Appellante heeft in haar projectplan aangegeven dat binnen haar project een kostprijsreductie waarschijnlijk pas in 2021 zal worden gerealiseerd. Ter zitting is door appellante verklaard dat binnen haar project kostprijsreductie per 2020 lastig maar wel mogelijk is. Verweerder benadrukt dat het project van appellante onderdeel is van een nieuw te ontwerpen groter geheel en dat naar zijn mening in een dergelijk geval een kostenreductie niet voor de hand liggend is. Ook de bijdrage aan de omzet en werkgelegenheid in de windenergie op zee sector blijkt volgens het projectplan van appellante niet in 2020 maar in 2023 te kunnen worden gerealiseerd. Het College kan daarom in hetgeen appellante heeft aangevoerd geen grond vinden om te oordelen dat verweerder niet in redelijkheid tot het oordeel heeft kunnen komen om voor het project van appellante voor het voor het criterium “kwantitatieve reductie van de kostprijs van windenergie op zee in 2020” een 2,4 en voor het criterium “een bijdrage aan omzet en werkgelegenheid van de Nederlandse windenergie op zee sector in 2020” een 3,0 toe te kennen.

6.4

In artikel 4.5.9, aanhef en onder a, van de Regeling was bepaald dat als niet per criterium minimaal 2,5 van de maximaal 5 punten zijn verkregen verweerder de subsidie afwijst. Nu de score voor het criterium “kwantitatieve reductie van de kostprijs van windenergie op zee in 2020” een 2,4 bedraagt, heeft verweerder de aanvraag van appellante reeds hierom terecht niet in aanmerking gebracht voor subsidie. Gelet hierop kan hetgeen verder door appellante is aangevoerd onbesproken blijven, omdat zij hiermee niet kan bereiken dat zij alsnog in aanmerking kan komen voor subsidie.

6.5

Het College kan verweerder volgen in zijn standpunt dat het tegenadvies geen aanleiding geeft om het bestreden besluit en primaire besluit te herroepen. Verweerder benadrukt dat in het tegenadvies ten onrechte geen rekening gehouden wordt met de omstandigheid dat de deelontwikkeling onderdeel wordt van een nog te ontwikkelen infrastructuur. Daarnaast wordt in het tegenadvies geen acht geslagen op het projectplan van appellante waarin is opgenomen dat de kostprijsreductie pas na 2020 wordt gerealiseerd.

6.6

De conclusie is dat deze beroepsgrond niet slaagt.

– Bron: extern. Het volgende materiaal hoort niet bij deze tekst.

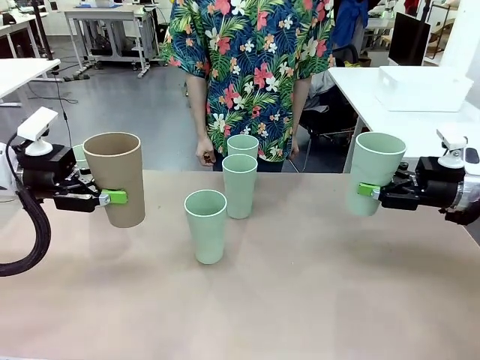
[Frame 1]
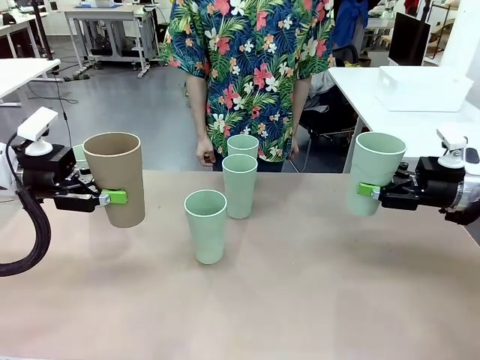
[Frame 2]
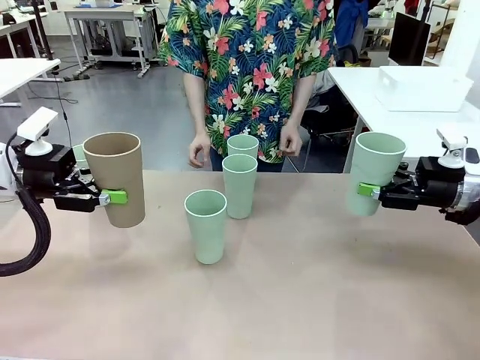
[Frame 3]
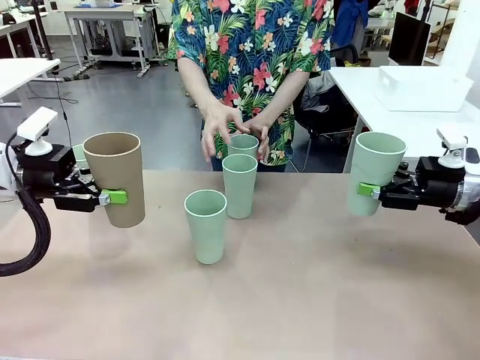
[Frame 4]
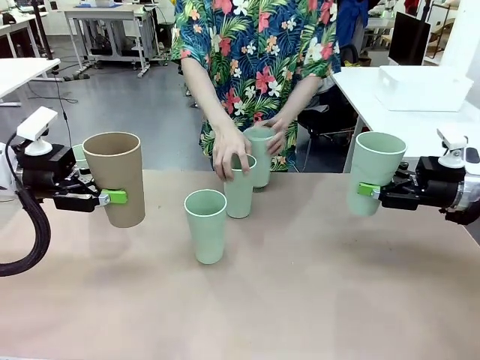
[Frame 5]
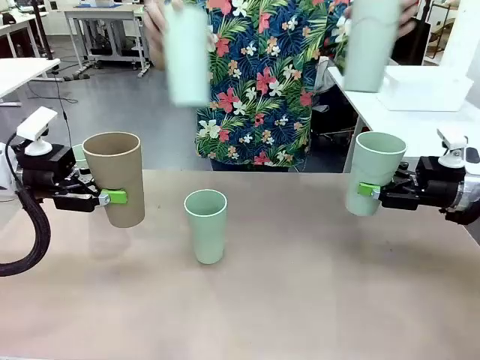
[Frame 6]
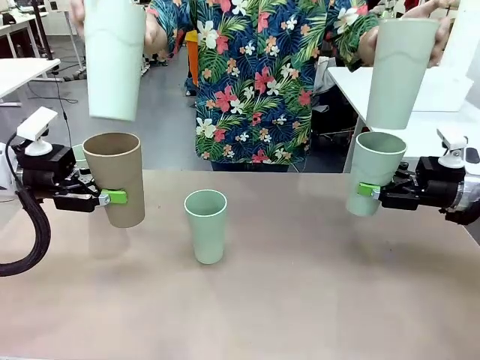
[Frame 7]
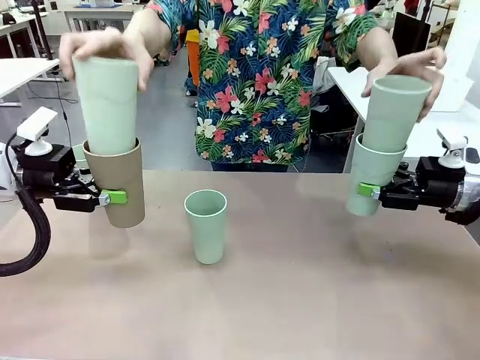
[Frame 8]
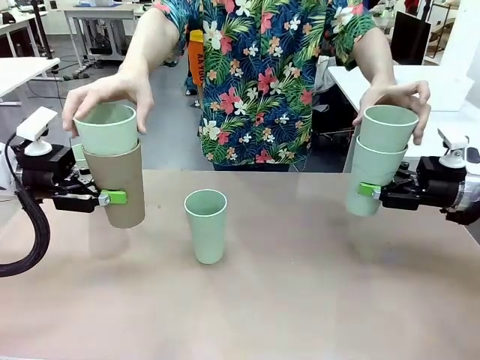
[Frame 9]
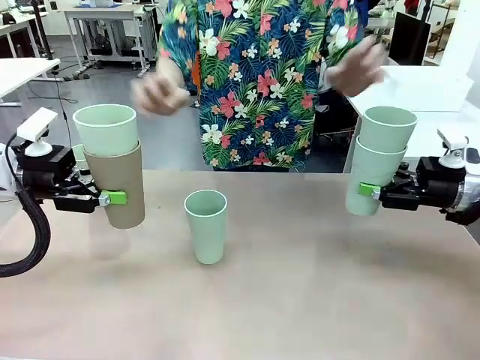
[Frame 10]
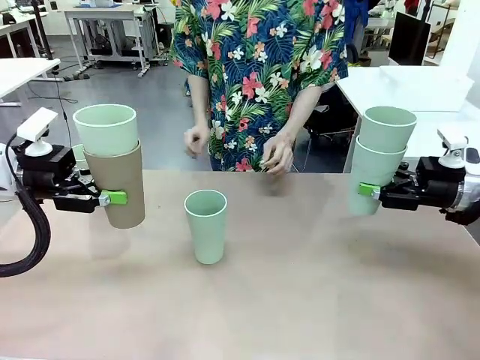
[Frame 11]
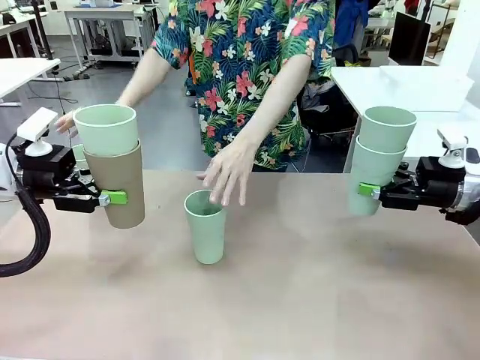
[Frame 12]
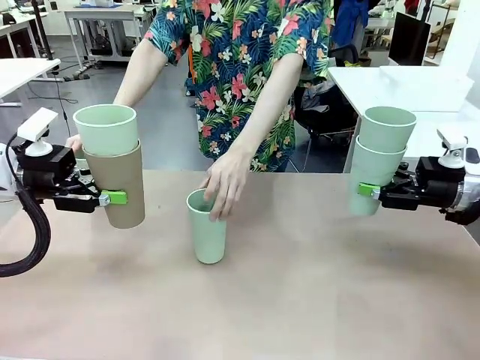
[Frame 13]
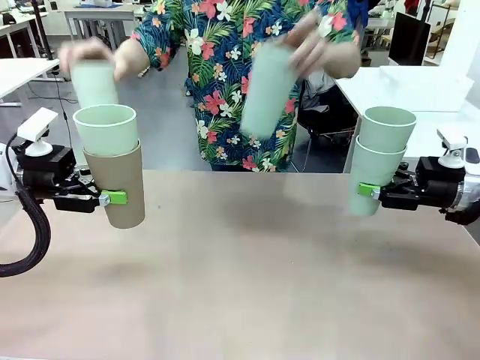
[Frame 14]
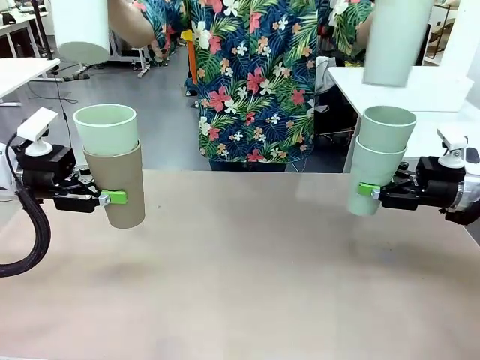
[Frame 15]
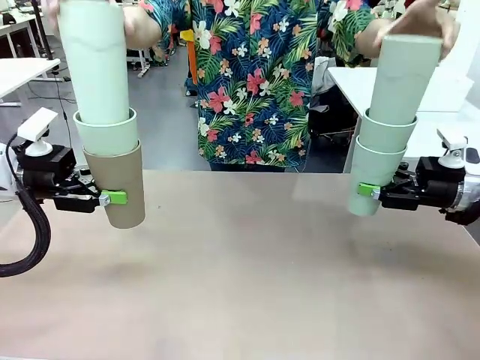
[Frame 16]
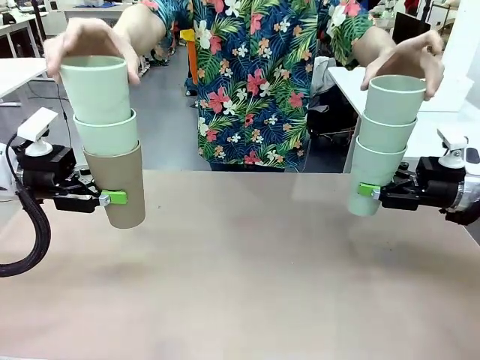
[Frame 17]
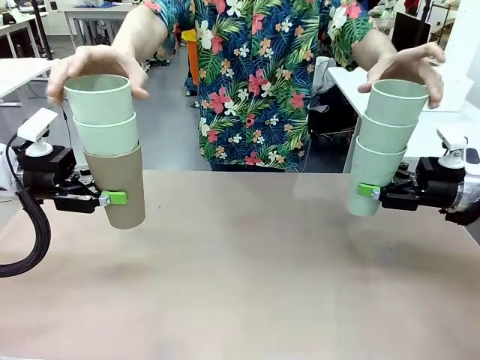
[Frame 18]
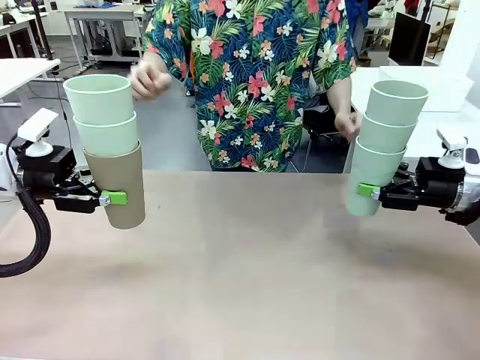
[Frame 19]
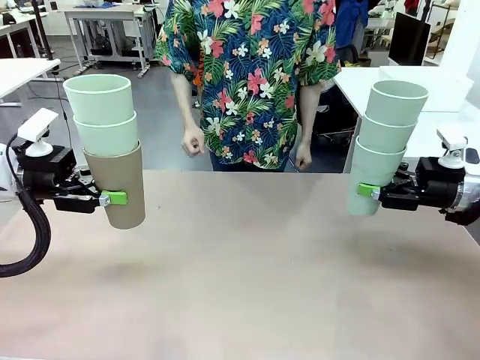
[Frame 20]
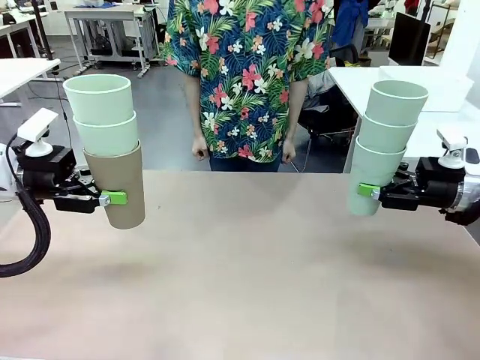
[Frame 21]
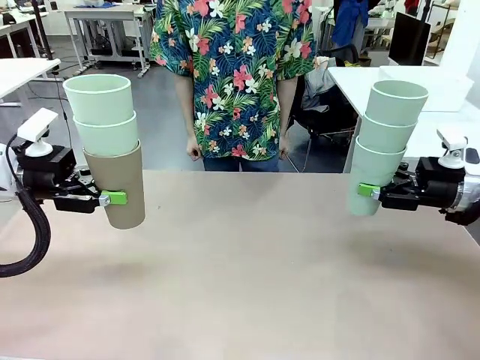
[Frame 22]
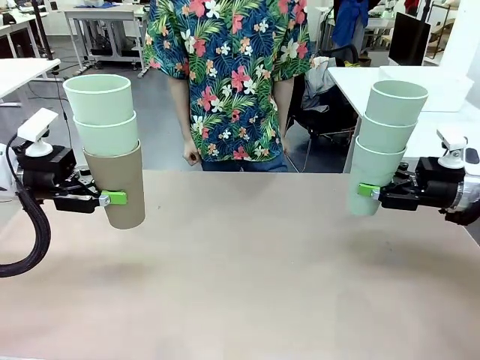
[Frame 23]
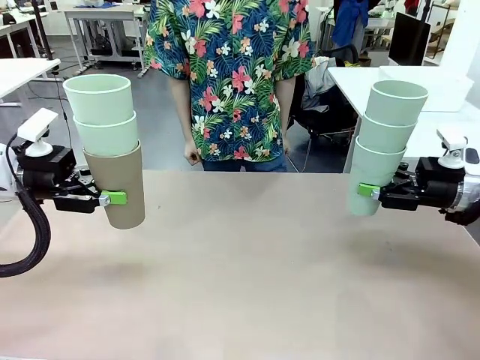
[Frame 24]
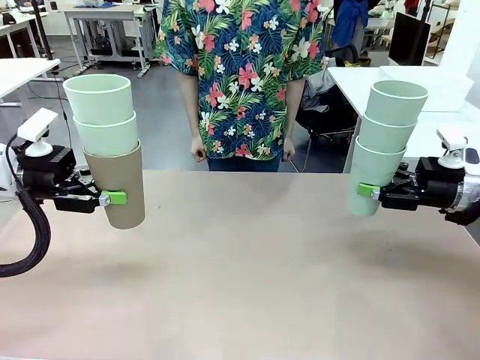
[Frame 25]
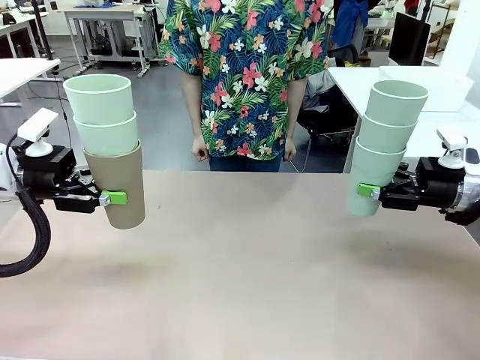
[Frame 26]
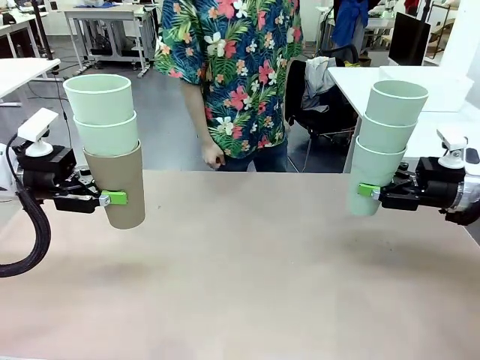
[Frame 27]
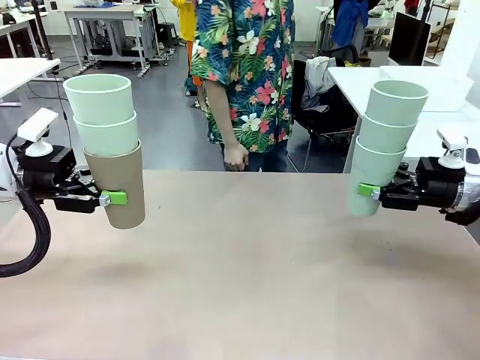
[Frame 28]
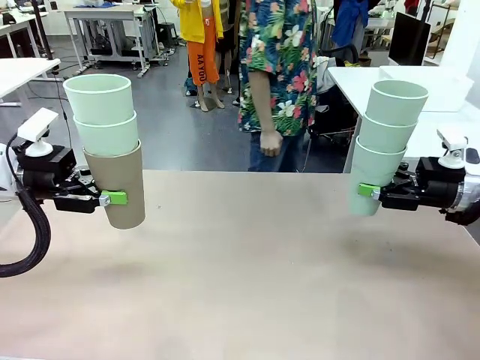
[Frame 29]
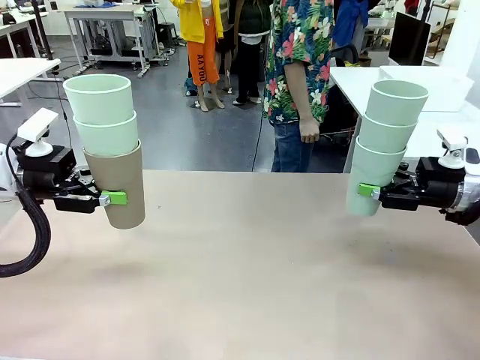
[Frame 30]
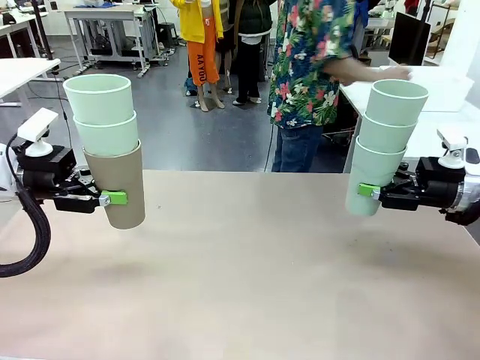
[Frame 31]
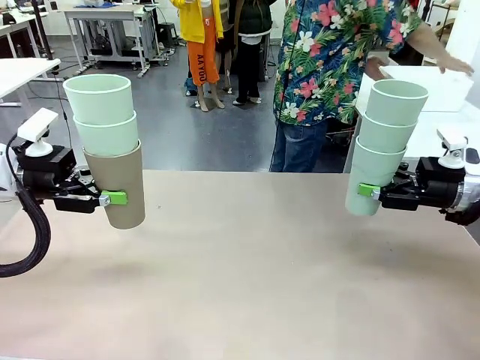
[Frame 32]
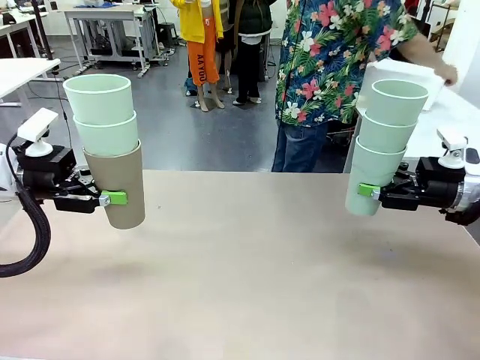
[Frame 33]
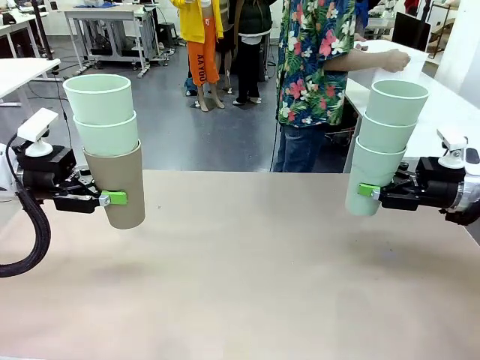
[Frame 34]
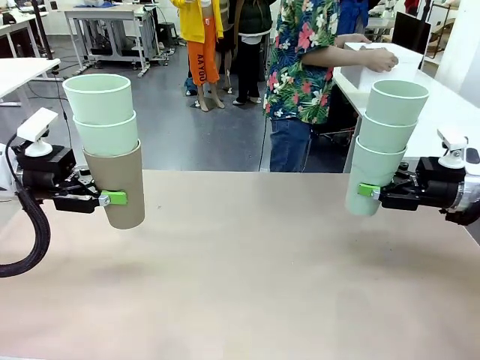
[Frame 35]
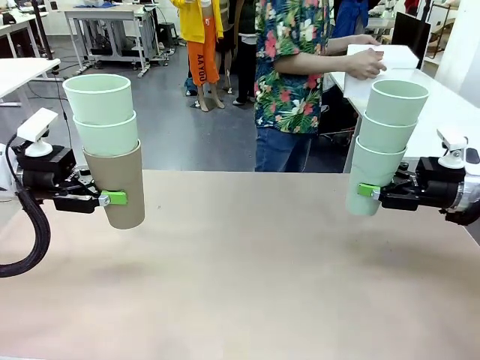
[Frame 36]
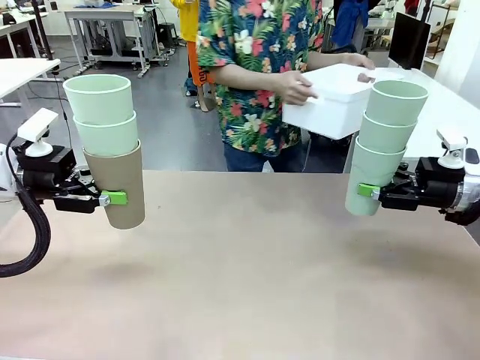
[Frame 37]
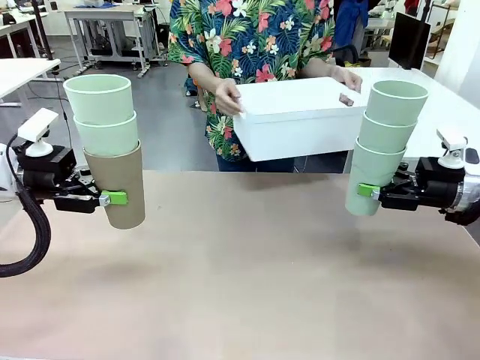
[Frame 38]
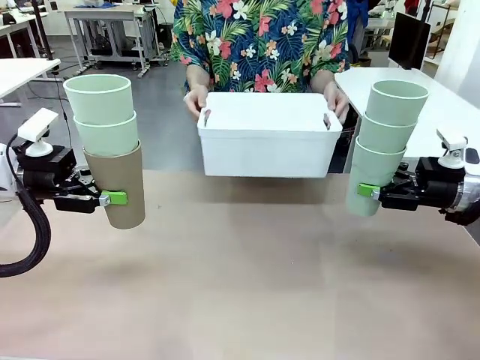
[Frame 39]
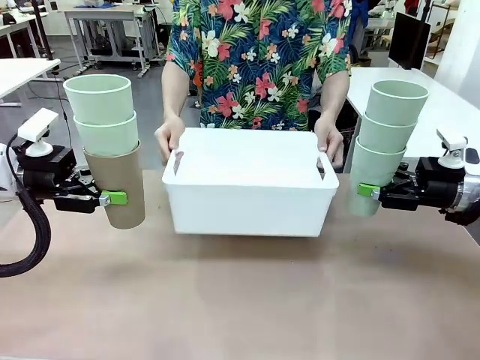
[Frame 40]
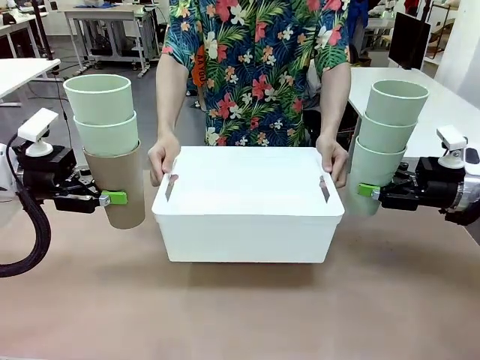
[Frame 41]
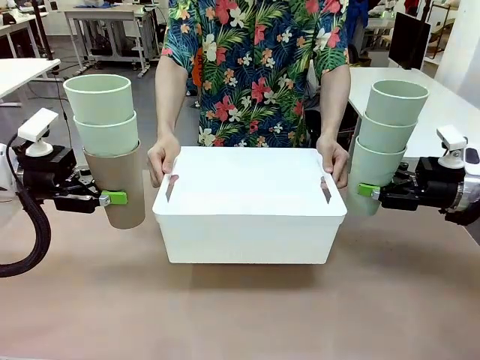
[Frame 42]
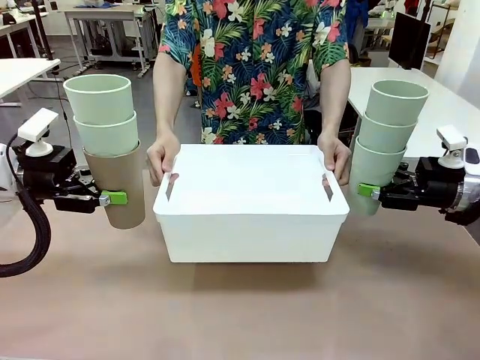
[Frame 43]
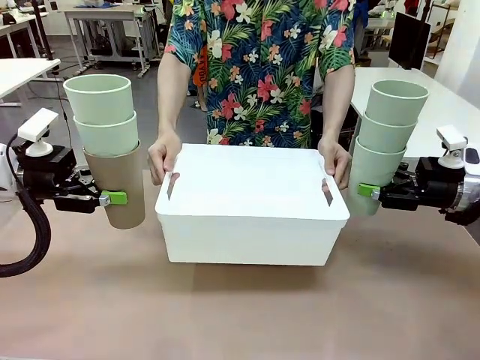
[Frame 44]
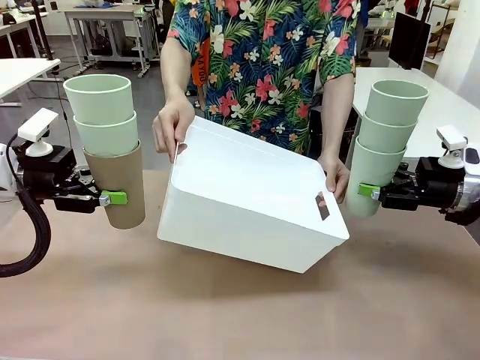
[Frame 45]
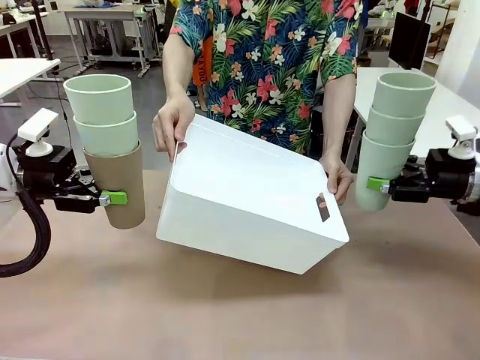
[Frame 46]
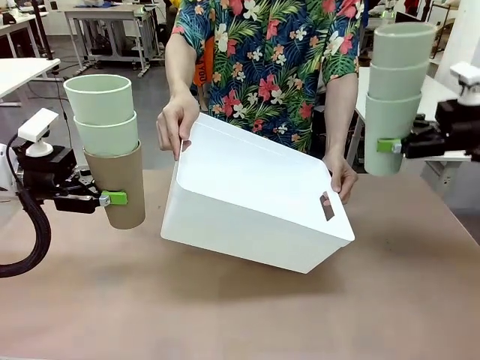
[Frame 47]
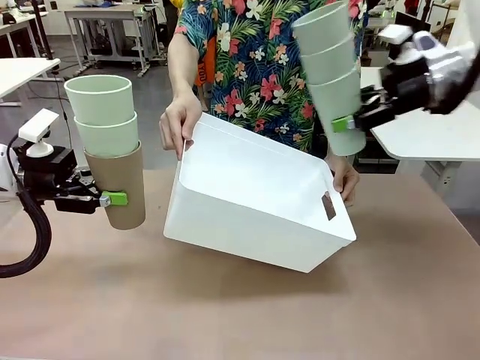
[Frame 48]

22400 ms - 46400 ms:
Task: Stack the cups and store them in the basket.
Robot: Place the stack of Reusable plastic cups into the Pantry Basket.
Person: Pick up the basket from the Human Table, bring it to the front of the robot, and present it.

7. Het beroep is ongegrond.

8. Voor een proceskostenveroordeling bestaat geen aanleiding.

Beslissing

Het College verklaart het beroep ongegrond.

Deze uitspraak is gedaan door mr. R.R. Winter, mr. H.O. Kerkmeester en mr. T.P.J.N. van Rijn, in aanwezigheid van mr. M.P.A. DeKoninck, griffier. De beslissing is in het openbaar uitgesproken op 15 mei 2018.